(Data items)
===============

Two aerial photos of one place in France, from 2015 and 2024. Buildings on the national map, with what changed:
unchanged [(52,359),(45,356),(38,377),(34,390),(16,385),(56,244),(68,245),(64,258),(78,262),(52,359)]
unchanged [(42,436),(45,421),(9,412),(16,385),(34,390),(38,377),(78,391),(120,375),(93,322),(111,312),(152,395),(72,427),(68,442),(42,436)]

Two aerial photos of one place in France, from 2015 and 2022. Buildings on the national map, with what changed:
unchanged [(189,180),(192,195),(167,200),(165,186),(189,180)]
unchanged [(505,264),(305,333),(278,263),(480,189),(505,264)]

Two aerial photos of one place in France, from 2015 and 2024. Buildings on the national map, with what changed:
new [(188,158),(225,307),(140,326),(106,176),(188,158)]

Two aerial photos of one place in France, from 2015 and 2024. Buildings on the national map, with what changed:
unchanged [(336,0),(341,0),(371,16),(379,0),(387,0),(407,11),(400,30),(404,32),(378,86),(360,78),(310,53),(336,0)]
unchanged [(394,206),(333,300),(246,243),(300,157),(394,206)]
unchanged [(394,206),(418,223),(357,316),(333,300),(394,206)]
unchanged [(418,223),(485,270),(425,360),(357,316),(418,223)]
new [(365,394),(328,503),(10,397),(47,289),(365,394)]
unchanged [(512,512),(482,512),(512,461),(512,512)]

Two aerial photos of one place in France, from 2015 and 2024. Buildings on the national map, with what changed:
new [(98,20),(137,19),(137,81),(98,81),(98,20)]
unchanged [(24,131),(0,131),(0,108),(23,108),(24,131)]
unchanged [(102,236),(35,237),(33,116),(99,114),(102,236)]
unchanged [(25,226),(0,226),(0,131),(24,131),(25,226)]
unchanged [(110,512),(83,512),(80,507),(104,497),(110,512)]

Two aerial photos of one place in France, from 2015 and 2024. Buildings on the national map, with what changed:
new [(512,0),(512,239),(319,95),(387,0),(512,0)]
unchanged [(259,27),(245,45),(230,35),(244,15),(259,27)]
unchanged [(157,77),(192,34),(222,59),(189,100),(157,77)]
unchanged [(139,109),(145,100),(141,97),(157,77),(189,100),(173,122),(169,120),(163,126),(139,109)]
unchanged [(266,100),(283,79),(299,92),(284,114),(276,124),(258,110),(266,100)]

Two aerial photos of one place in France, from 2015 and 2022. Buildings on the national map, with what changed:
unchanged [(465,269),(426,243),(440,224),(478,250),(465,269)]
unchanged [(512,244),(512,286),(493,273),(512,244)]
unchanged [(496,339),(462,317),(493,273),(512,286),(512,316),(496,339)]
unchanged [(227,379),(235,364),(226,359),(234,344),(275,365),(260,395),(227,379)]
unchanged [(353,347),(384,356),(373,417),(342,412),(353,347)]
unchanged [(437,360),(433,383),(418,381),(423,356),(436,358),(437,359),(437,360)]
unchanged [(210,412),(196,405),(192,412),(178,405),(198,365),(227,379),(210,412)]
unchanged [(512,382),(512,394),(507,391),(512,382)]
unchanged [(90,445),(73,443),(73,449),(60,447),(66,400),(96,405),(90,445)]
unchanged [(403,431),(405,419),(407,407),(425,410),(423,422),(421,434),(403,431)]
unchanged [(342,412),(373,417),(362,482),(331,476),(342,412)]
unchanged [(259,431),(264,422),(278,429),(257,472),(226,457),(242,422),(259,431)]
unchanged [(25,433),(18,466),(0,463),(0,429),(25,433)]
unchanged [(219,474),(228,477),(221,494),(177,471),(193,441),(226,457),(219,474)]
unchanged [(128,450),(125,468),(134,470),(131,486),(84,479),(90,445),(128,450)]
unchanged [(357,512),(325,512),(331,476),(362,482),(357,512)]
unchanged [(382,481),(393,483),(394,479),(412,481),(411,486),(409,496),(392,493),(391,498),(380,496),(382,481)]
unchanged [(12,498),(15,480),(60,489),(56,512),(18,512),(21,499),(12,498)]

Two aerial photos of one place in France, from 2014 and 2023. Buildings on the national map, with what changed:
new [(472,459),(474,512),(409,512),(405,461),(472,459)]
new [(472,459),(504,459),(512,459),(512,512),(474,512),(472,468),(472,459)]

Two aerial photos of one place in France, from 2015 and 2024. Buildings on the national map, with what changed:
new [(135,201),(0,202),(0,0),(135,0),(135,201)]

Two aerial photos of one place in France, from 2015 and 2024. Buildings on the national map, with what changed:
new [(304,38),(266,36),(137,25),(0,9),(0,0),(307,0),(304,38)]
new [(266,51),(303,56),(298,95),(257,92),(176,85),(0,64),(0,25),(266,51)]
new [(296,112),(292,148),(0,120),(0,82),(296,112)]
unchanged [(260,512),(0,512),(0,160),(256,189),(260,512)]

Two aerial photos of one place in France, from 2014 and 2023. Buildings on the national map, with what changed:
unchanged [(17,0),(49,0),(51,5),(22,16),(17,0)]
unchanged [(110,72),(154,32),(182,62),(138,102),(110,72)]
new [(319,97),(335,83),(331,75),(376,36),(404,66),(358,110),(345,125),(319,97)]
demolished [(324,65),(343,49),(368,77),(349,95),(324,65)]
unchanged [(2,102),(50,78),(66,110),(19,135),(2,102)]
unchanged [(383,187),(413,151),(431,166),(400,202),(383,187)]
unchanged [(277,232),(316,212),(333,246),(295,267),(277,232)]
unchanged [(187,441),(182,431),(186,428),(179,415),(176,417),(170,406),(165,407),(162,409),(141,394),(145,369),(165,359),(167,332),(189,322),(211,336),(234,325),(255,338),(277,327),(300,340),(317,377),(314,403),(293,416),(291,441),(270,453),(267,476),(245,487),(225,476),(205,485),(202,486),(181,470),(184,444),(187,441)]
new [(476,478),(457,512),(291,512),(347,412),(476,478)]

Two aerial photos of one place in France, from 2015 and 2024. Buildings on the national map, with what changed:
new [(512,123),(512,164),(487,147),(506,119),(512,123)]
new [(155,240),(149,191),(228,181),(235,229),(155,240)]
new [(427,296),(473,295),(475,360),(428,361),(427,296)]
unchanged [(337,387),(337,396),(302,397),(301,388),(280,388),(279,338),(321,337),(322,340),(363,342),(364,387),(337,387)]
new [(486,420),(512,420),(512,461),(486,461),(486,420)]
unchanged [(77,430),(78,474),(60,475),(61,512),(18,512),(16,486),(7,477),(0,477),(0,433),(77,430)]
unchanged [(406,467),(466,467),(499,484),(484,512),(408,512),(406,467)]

===============

* [Problem requirements] Please output every record exactly as it appears.

* [Task output]
Two aerial photos of one place in France, from 2015 and 2024. Buildings on the national map, with what changed:
unchanged [(52,359),(45,356),(38,377),(34,390),(16,385),(56,244),(68,245),(64,258),(78,262),(52,359)]
unchanged [(42,436),(45,421),(9,412),(16,385),(34,390),(38,377),(78,391),(120,375),(93,322),(111,312),(152,395),(72,427),(68,442),(42,436)]

Two aerial photos of one place in France, from 2015 and 2022. Buildings on the national map, with what changed:
unchanged [(189,180),(192,195),(167,200),(165,186),(189,180)]
unchanged [(505,264),(305,333),(278,263),(480,189),(505,264)]

Two aerial photos of one place in France, from 2015 and 2024. Buildings on the national map, with what changed:
new [(188,158),(225,307),(140,326),(106,176),(188,158)]

Two aerial photos of one place in France, from 2015 and 2024. Buildings on the national map, with what changed:
unchanged [(336,0),(341,0),(371,16),(379,0),(387,0),(407,11),(400,30),(404,32),(378,86),(360,78),(310,53),(336,0)]
unchanged [(394,206),(333,300),(246,243),(300,157),(394,206)]
unchanged [(394,206),(418,223),(357,316),(333,300),(394,206)]
unchanged [(418,223),(485,270),(425,360),(357,316),(418,223)]
new [(365,394),(328,503),(10,397),(47,289),(365,394)]
unchanged [(512,512),(482,512),(512,461),(512,512)]

Two aerial photos of one place in France, from 2015 and 2024. Buildings on the national map, with what changed:
new [(98,20),(137,19),(137,81),(98,81),(98,20)]
unchanged [(24,131),(0,131),(0,108),(23,108),(24,131)]
unchanged [(102,236),(35,237),(33,116),(99,114),(102,236)]
unchanged [(25,226),(0,226),(0,131),(24,131),(25,226)]
unchanged [(110,512),(83,512),(80,507),(104,497),(110,512)]

Two aerial photos of one place in France, from 2015 and 2024. Buildings on the national map, with what changed:
new [(512,0),(512,239),(319,95),(387,0),(512,0)]
unchanged [(259,27),(245,45),(230,35),(244,15),(259,27)]
unchanged [(157,77),(192,34),(222,59),(189,100),(157,77)]
unchanged [(139,109),(145,100),(141,97),(157,77),(189,100),(173,122),(169,120),(163,126),(139,109)]
unchanged [(266,100),(283,79),(299,92),(284,114),(276,124),(258,110),(266,100)]

Two aerial photos of one place in France, from 2015 and 2022. Buildings on the national map, with what changed:
unchanged [(465,269),(426,243),(440,224),(478,250),(465,269)]
unchanged [(512,244),(512,286),(493,273),(512,244)]
unchanged [(496,339),(462,317),(493,273),(512,286),(512,316),(496,339)]
unchanged [(227,379),(235,364),(226,359),(234,344),(275,365),(260,395),(227,379)]
unchanged [(353,347),(384,356),(373,417),(342,412),(353,347)]
unchanged [(437,360),(433,383),(418,381),(423,356),(436,358),(437,359),(437,360)]
unchanged [(210,412),(196,405),(192,412),(178,405),(198,365),(227,379),(210,412)]
unchanged [(512,382),(512,394),(507,391),(512,382)]
unchanged [(90,445),(73,443),(73,449),(60,447),(66,400),(96,405),(90,445)]
unchanged [(403,431),(405,419),(407,407),(425,410),(423,422),(421,434),(403,431)]
unchanged [(342,412),(373,417),(362,482),(331,476),(342,412)]
unchanged [(259,431),(264,422),(278,429),(257,472),(226,457),(242,422),(259,431)]
unchanged [(25,433),(18,466),(0,463),(0,429),(25,433)]
unchanged [(219,474),(228,477),(221,494),(177,471),(193,441),(226,457),(219,474)]
unchanged [(128,450),(125,468),(134,470),(131,486),(84,479),(90,445),(128,450)]
unchanged [(357,512),(325,512),(331,476),(362,482),(357,512)]
unchanged [(382,481),(393,483),(394,479),(412,481),(411,486),(409,496),(392,493),(391,498),(380,496),(382,481)]
unchanged [(12,498),(15,480),(60,489),(56,512),(18,512),(21,499),(12,498)]

Two aerial photos of one place in France, from 2014 and 2023. Buildings on the national map, with what changed:
new [(472,459),(474,512),(409,512),(405,461),(472,459)]
new [(472,459),(504,459),(512,459),(512,512),(474,512),(472,468),(472,459)]

Two aerial photos of one place in France, from 2015 and 2024. Buildings on the national map, with what changed:
new [(135,201),(0,202),(0,0),(135,0),(135,201)]

Two aerial photos of one place in France, from 2015 and 2024. Buildings on the national map, with what changed:
new [(304,38),(266,36),(137,25),(0,9),(0,0),(307,0),(304,38)]
new [(266,51),(303,56),(298,95),(257,92),(176,85),(0,64),(0,25),(266,51)]
new [(296,112),(292,148),(0,120),(0,82),(296,112)]
unchanged [(260,512),(0,512),(0,160),(256,189),(260,512)]

Two aerial photos of one place in France, from 2014 and 2023. Buildings on the national map, with what changed:
unchanged [(17,0),(49,0),(51,5),(22,16),(17,0)]
unchanged [(110,72),(154,32),(182,62),(138,102),(110,72)]
new [(319,97),(335,83),(331,75),(376,36),(404,66),(358,110),(345,125),(319,97)]
demolished [(324,65),(343,49),(368,77),(349,95),(324,65)]
unchanged [(2,102),(50,78),(66,110),(19,135),(2,102)]
unchanged [(383,187),(413,151),(431,166),(400,202),(383,187)]
unchanged [(277,232),(316,212),(333,246),(295,267),(277,232)]
unchanged [(187,441),(182,431),(186,428),(179,415),(176,417),(170,406),(165,407),(162,409),(141,394),(145,369),(165,359),(167,332),(189,322),(211,336),(234,325),(255,338),(277,327),(300,340),(317,377),(314,403),(293,416),(291,441),(270,453),(267,476),(245,487),(225,476),(205,485),(202,486),(181,470),(184,444),(187,441)]
new [(476,478),(457,512),(291,512),(347,412),(476,478)]

Two aerial photos of one place in France, from 2015 and 2024. Buildings on the national map, with what changed:
new [(512,123),(512,164),(487,147),(506,119),(512,123)]
new [(155,240),(149,191),(228,181),(235,229),(155,240)]
new [(427,296),(473,295),(475,360),(428,361),(427,296)]
unchanged [(337,387),(337,396),(302,397),(301,388),(280,388),(279,338),(321,337),(322,340),(363,342),(364,387),(337,387)]
new [(486,420),(512,420),(512,461),(486,461),(486,420)]
unchanged [(77,430),(78,474),(60,475),(61,512),(18,512),(16,486),(7,477),(0,477),(0,433),(77,430)]
unchanged [(406,467),(466,467),(499,484),(484,512),(408,512),(406,467)]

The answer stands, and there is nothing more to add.